Torkel Klingberg, professore di neuroscienze cognitive al Karolinska Institutet in Svezia e coautore dello studio, lo spiega così: «I social media forniscono distrazioni costanti. Se non sono i messaggi stessi, è il pensiero di averne uno nuovo». Il cervello degli adolescenti, esposto a flussi continui di notifiche, messaggi e contenuti brevi, sviluppa sintomi evidenti e misurabili di disattenzione. È un circolo vizioso neurologico. Il cervello si adatta, certo. Ma l’adattamento va in entrambe le direzioni. Se alleni costantemente la distrazione, l’abilità di concentrarti si deteriora. Klingberg sottolinea che le abilità cognitive non sono fisse, dipendono dall’uso: «Se le alleni, migliorano. Se le ignori, peggiorano».
Il problema è che i social media, come aveva spiegato molto bene Riccardo Luna, sono progettati precisamente per massimizzare il tempo di utilizzo, non per allenare capacità cognitive utili.
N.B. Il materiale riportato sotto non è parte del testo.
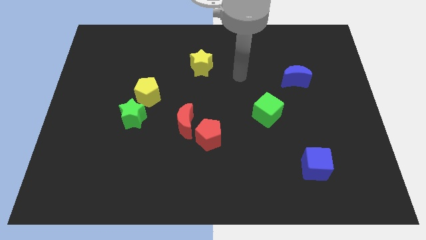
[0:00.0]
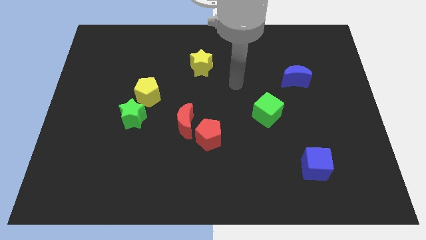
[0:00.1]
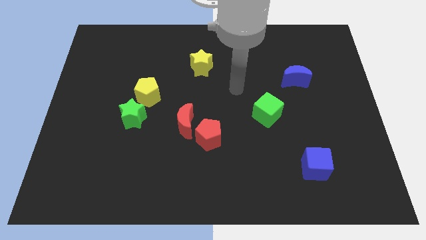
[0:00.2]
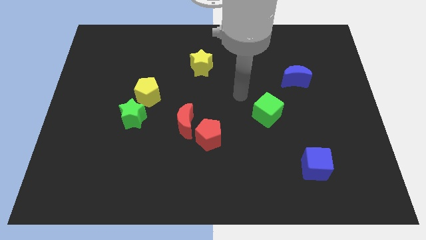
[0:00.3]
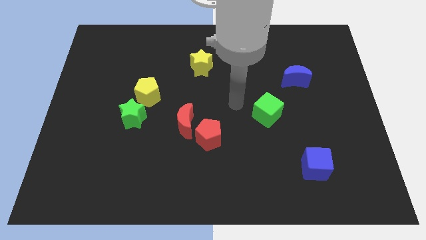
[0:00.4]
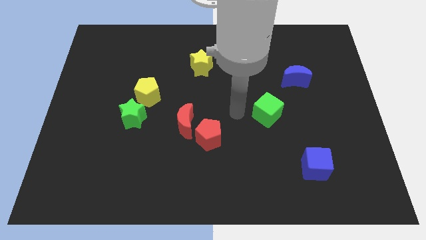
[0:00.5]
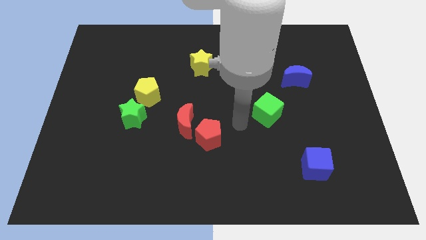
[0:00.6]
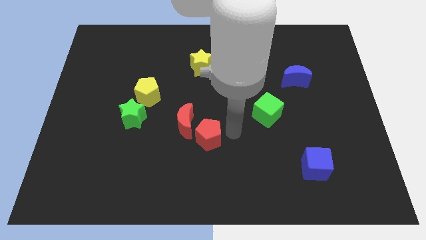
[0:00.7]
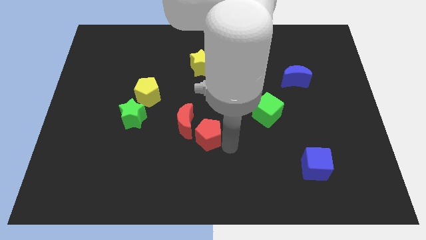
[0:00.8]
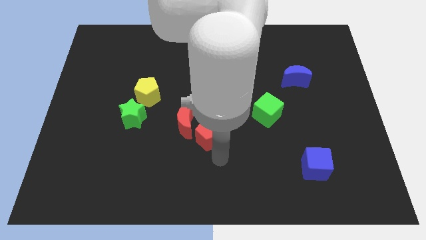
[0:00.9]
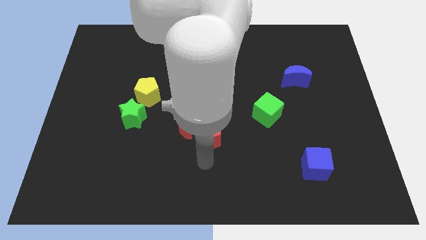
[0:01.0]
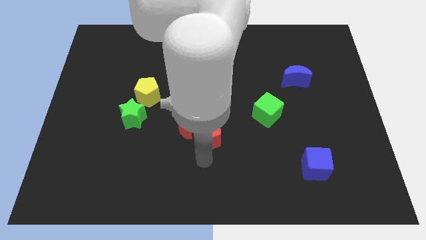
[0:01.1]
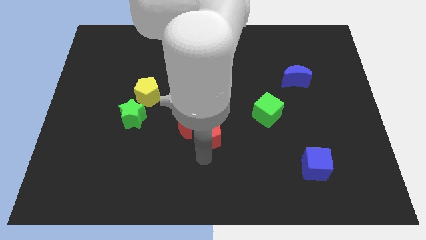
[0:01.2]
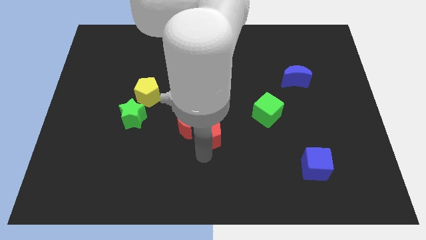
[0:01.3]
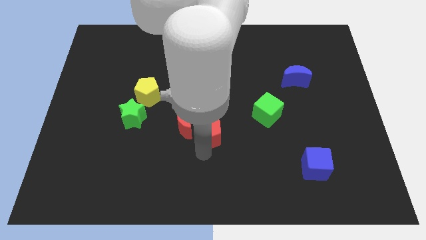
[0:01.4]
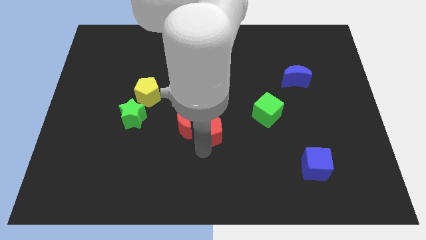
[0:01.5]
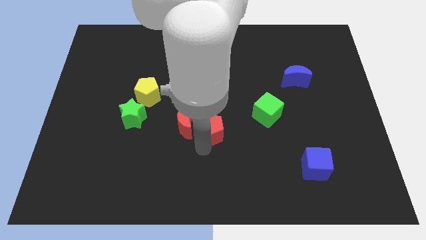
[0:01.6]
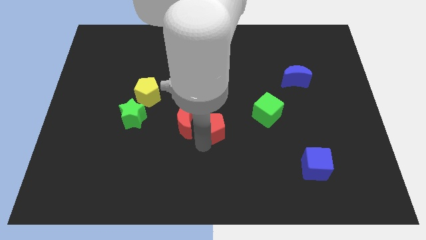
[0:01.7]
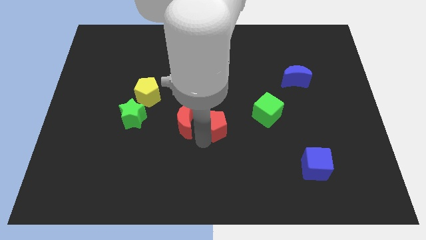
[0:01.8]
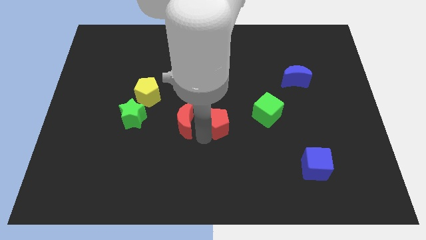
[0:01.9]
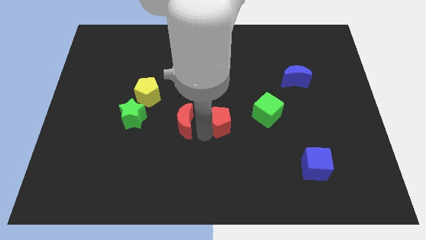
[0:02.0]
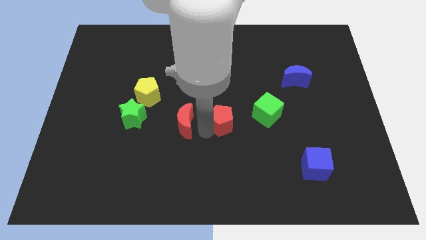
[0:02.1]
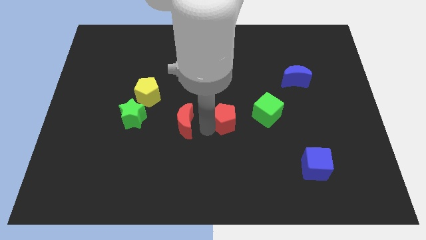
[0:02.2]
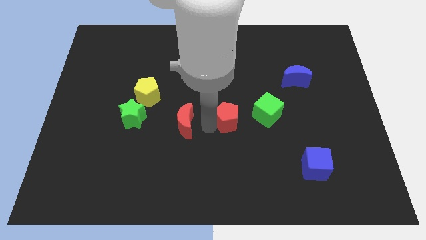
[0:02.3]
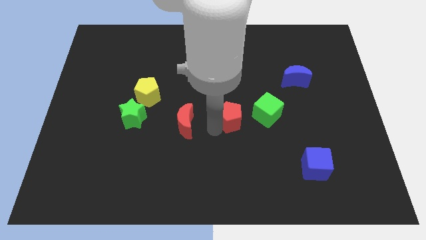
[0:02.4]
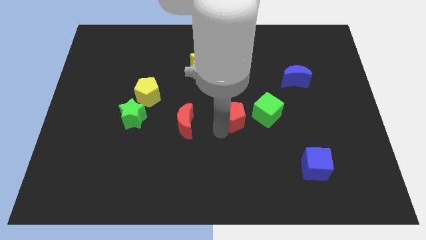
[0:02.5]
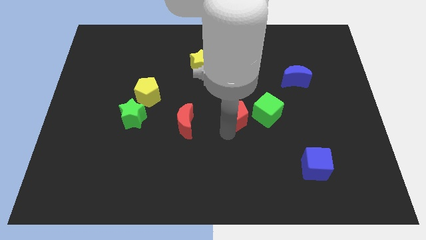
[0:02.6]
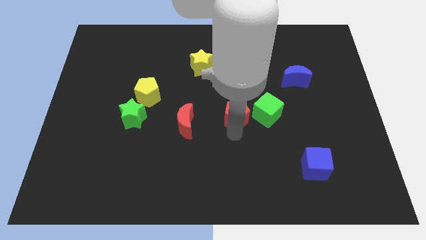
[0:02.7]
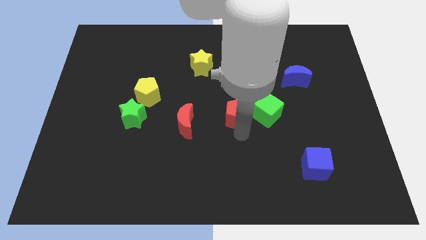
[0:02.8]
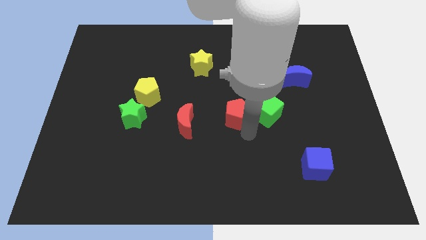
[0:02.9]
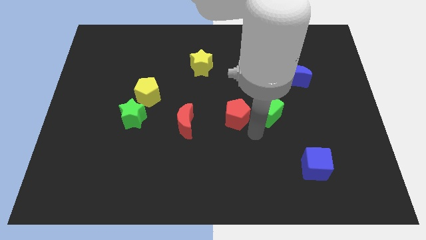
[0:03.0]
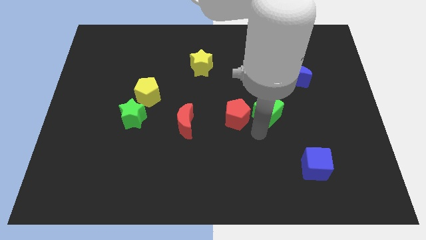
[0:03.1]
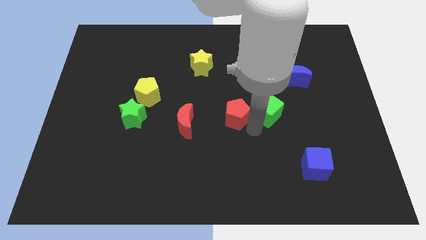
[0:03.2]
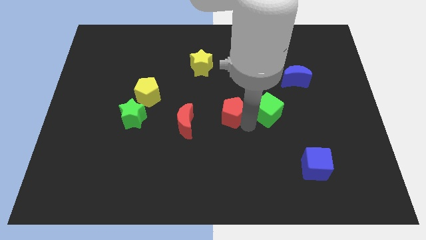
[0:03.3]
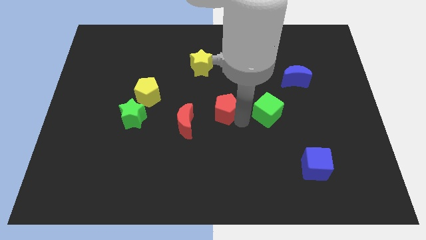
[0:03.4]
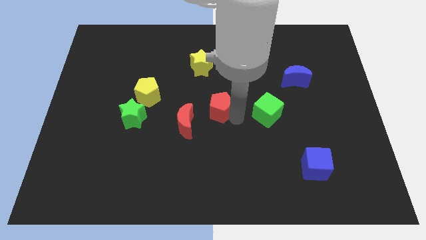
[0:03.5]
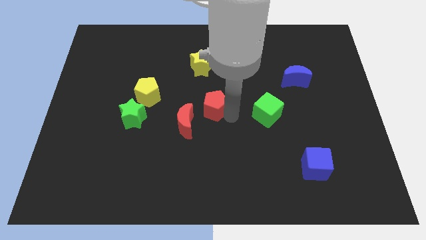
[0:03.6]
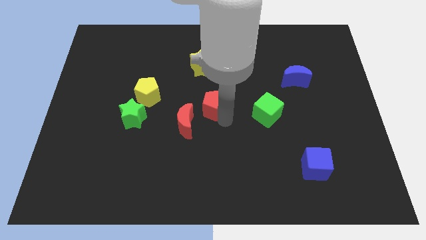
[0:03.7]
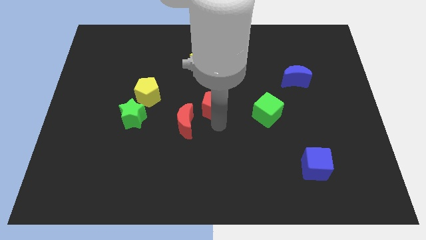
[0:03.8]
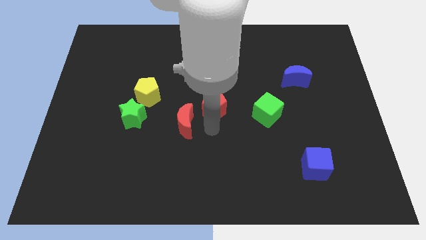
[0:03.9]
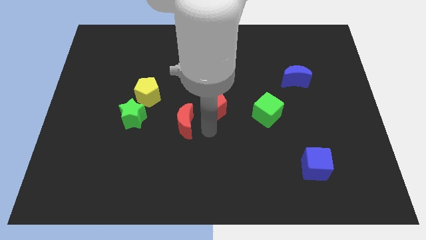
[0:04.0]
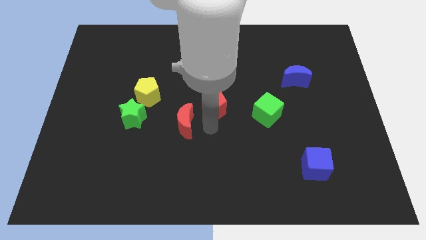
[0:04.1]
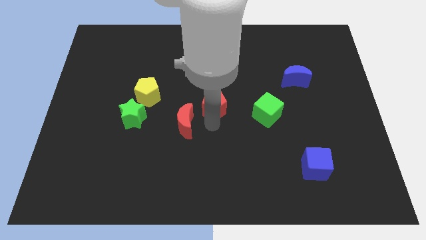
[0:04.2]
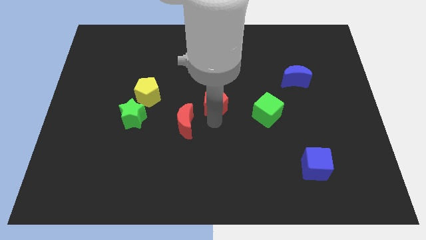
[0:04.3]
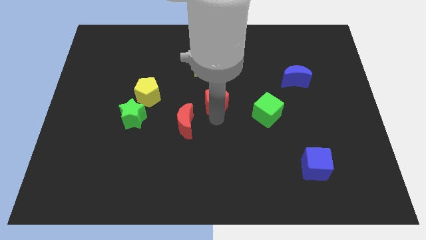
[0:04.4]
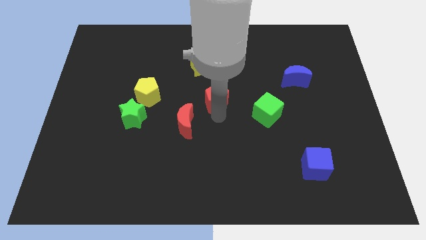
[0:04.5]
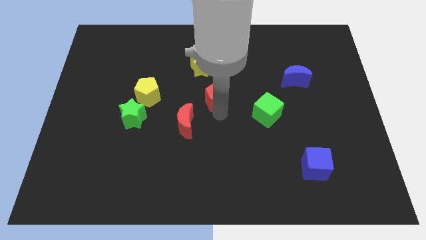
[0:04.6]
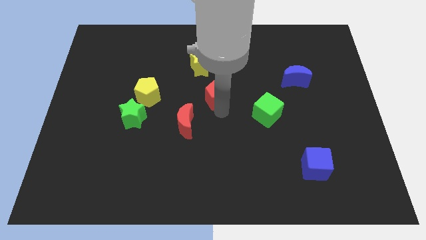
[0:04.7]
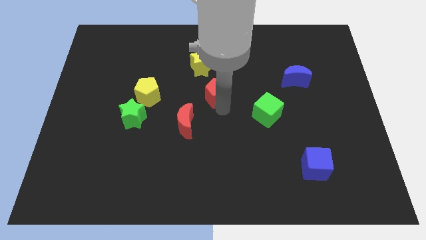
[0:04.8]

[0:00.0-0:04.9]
put the red pentagon to the bottom right of the yellow star

Ogni notifica è un rinforzo che spinge il cervello a controllare di nuovo. E di nuovo. E di nuovo. È un sistema perfettamente calibrato per catturare l’attenzione, ma devastante per lo sviluppo di quella stessa attenzione.
Le prove del deficit di attenzione sono anche fisiche, come ha sottolineato uno studio giapponese pubblicato su Translational Psychiatry nell’ottobre scorso. Ricercatori dell’Università di Fukui hanno seguito 11.878 bambini di 9-10 anni per un periodo di due anni, usando risonanza magnetica avanzata per monitorare i cambiamenti strutturali del cervello. I risultati hanno mostrato che un maggiore tempo di utilizzo degli schermi era associato a un volume corticale ridotto e a una crescita rallentata in regioni cerebrali chiave per la funzione cognitiva. Non si tratta solo di comportamento o prestazioni: la struttura fisica del cervello cambia e l’esposizione eccessiva agli schermi può ritardare la maturazione cerebrale e causare sintomi più gravi del disturbo da deficit di attenzione e iperattività (ADHD).
Che cosa possiamo fare
Di fronte a questo quadro per nulla rassicurante la buona notizia è che esistono strategie concrete per proteggere i nostri figli. Non serve demonizzare la tecnologia né rinunciare completamente agli smartphone. Serve usarli in modo consapevole.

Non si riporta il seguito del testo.